Concept Medical has announced the commencement of its investigational device exemption (IDE) clinical study, MAGICAL-ISR using the MagicTouch sirolimus drug-coated balloon (DCB), for the management of in-stent restenosis (ISR) in coronary artery disease.
MagicTouch had earlier been granted a breakthrough device designation in ISR and later IDE approval by the US Food Drug Administration (FDA). The first patient enrolment was done at the AtlantiCare Institute, Atlantic City (USA), by Said Ashraf and team.
The MAGICAL-ISR study aims to assess the safety and efficacy of this sirolimus DCB in treating ISR, focusing on the proportion of patients avoiding target lesion failure (TLF) within one-year post-procedure. The study was initiated under the guidance of Martin Leon (Columbia University, New York, USA), Azeem Latib (Montefiore Health Systems, New York, USA) and Ajay J Kirtane (Columbia University Irving Medical Center/NewYork-Presbyterian Hospital, New York, USA).
“We are thrilled to announce the first enrolment of the MAGICAL-ISR study featuring the MagicTouch Sirolimus drug-eluting balloon technology.

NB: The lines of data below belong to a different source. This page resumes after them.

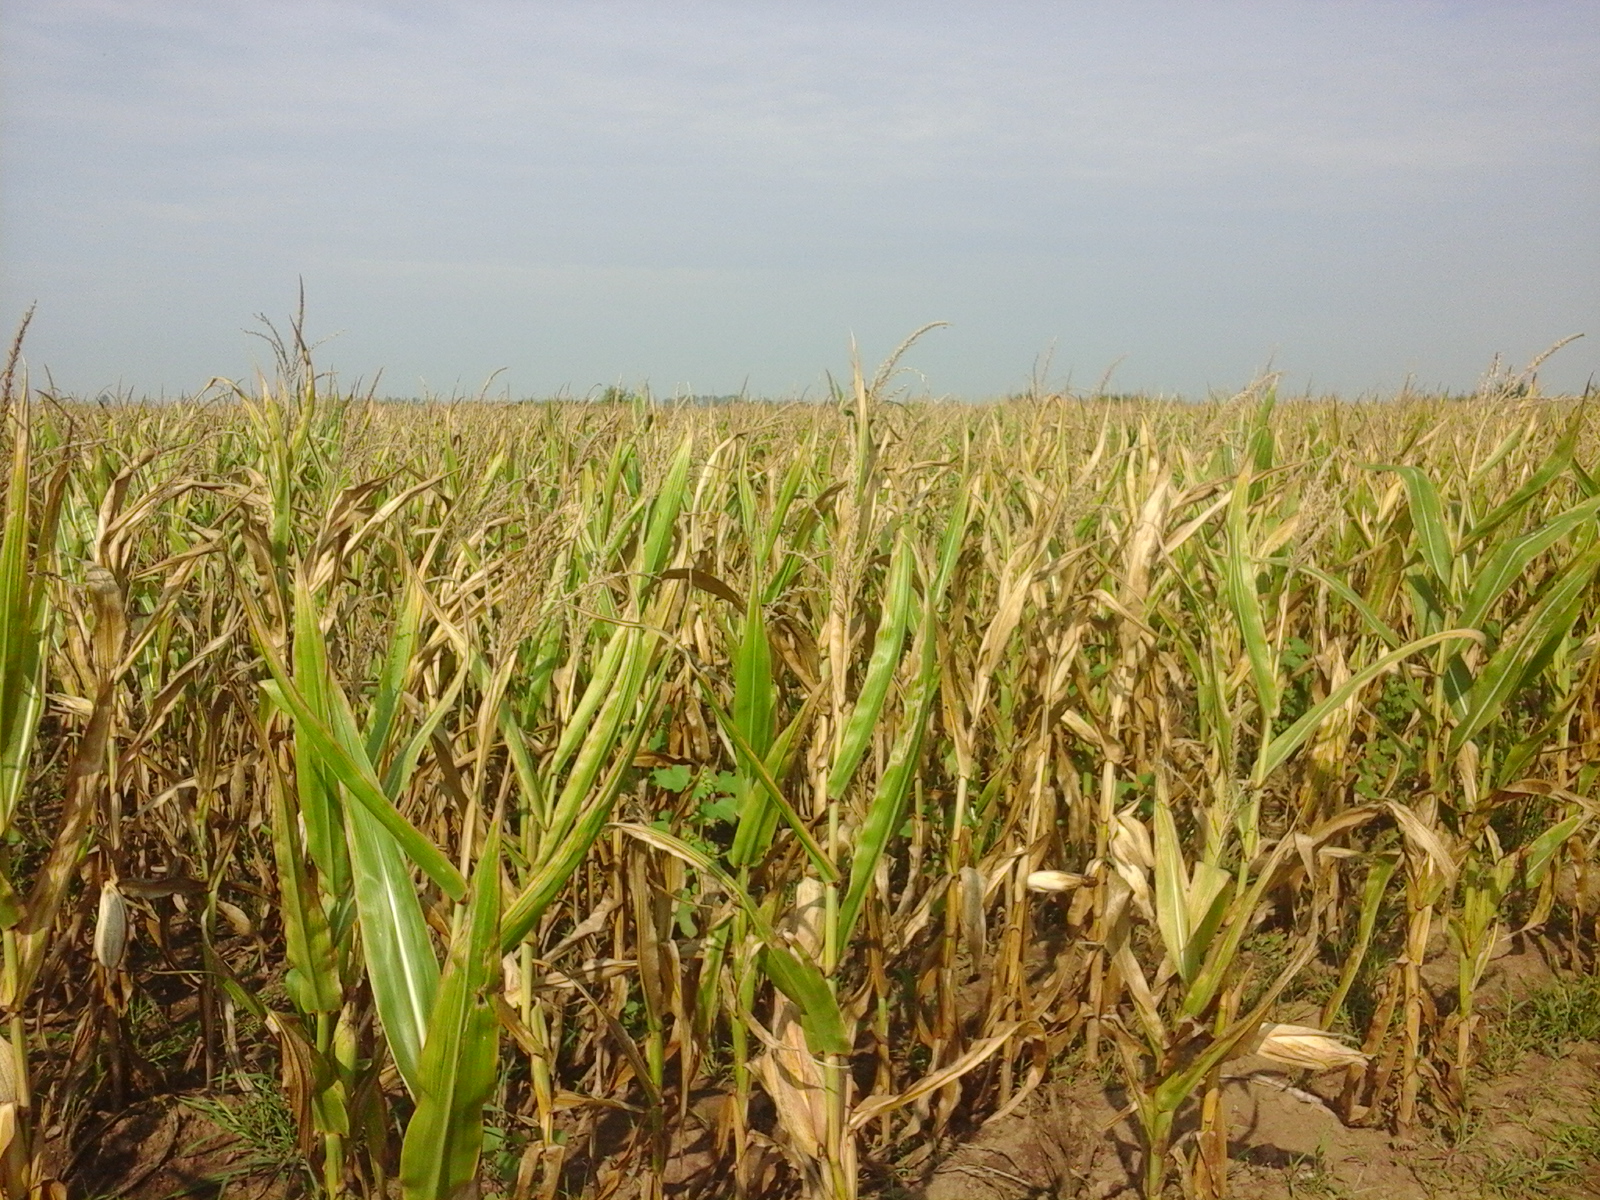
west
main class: Cropland
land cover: Maize
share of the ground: > 75 %
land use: Agriculture (excluding fallow land and kitchen gardens)
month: August
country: RO
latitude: 46.5413
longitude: 21.5531
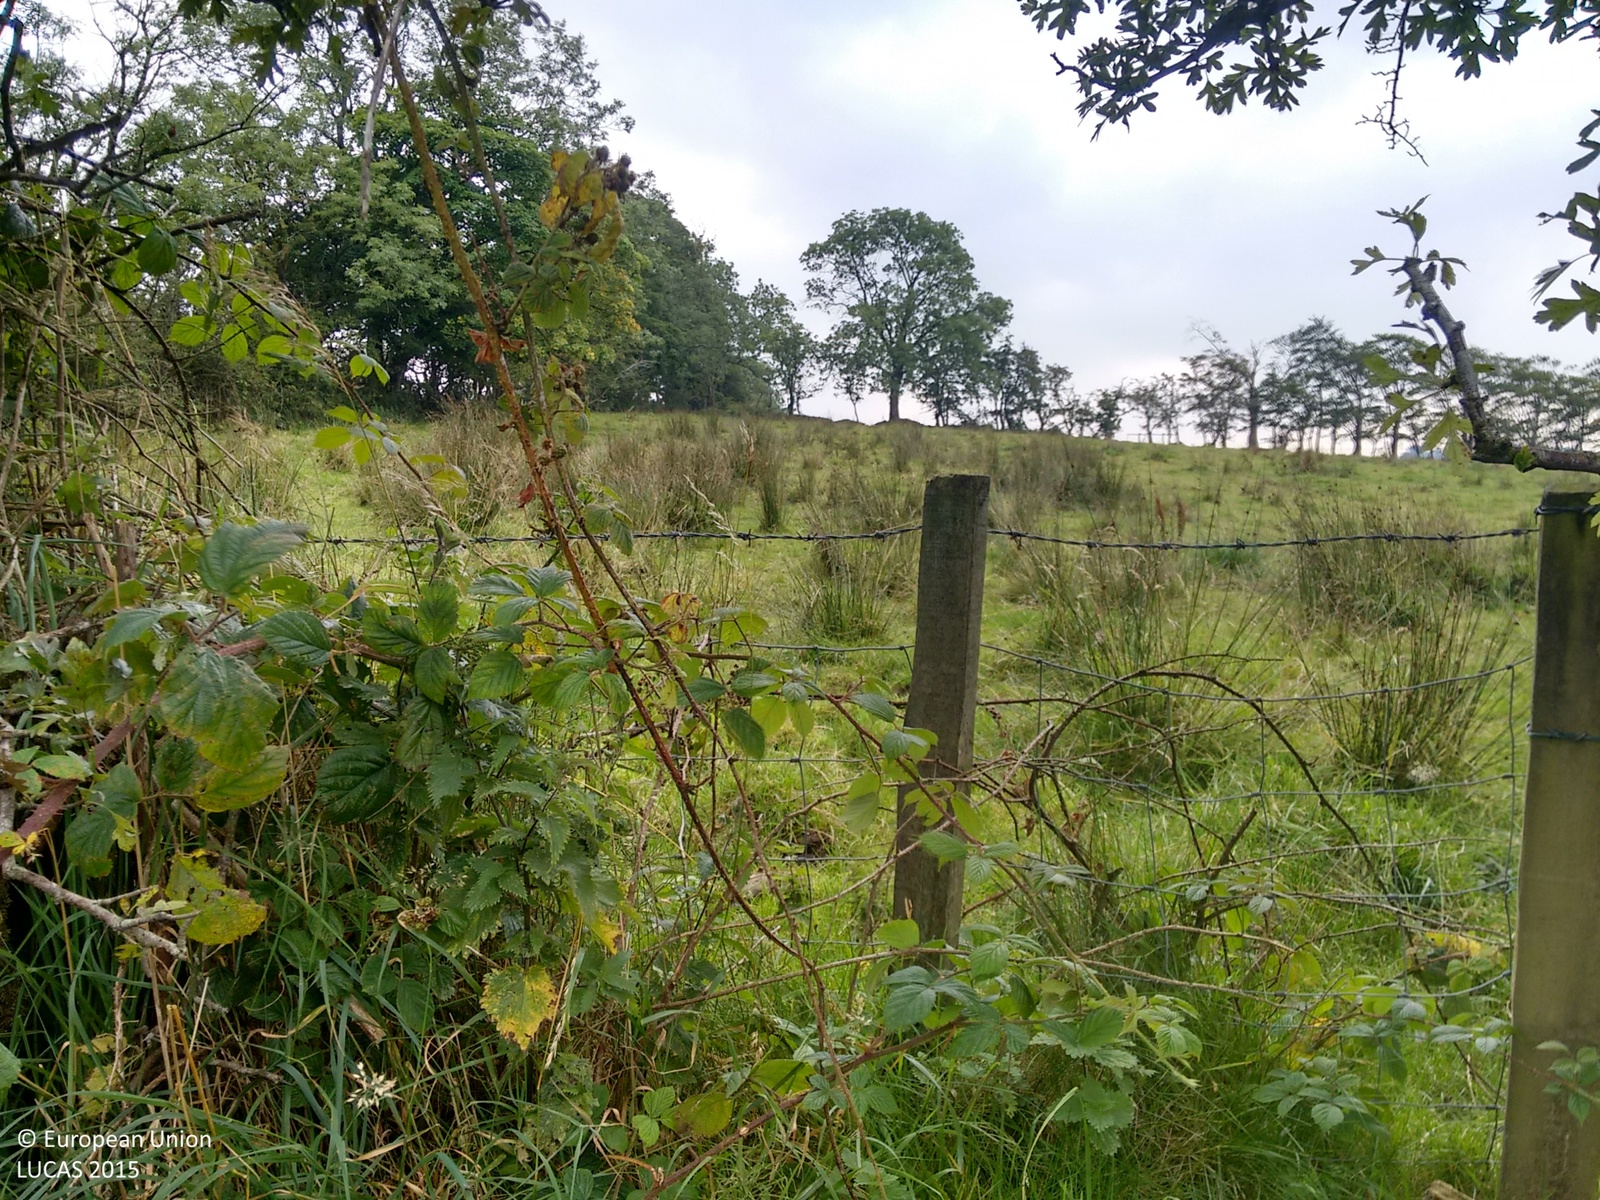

This momentous clinical trial will herald an era of safe and efficacious DEB therapy under a variety of clinical and anatomic circumstances to complement and improve the management of complex obstructive coronary disease for our patients in the United States,” said Leon, who is the study chair and founder of the Cardiovascular Research Foundation (CRF).
Manish Doshi, founder and managing director of Concept Medical said: “The MagicTouch technology has been embraced globally, and its entry into the US market through this study, represents a critical step towards addressing the unmet needs in ISR treatment. Our commitment to innovation and patient safety is unwavering, and we anticipate this study will significantly impact how ISR is treated worldwide.”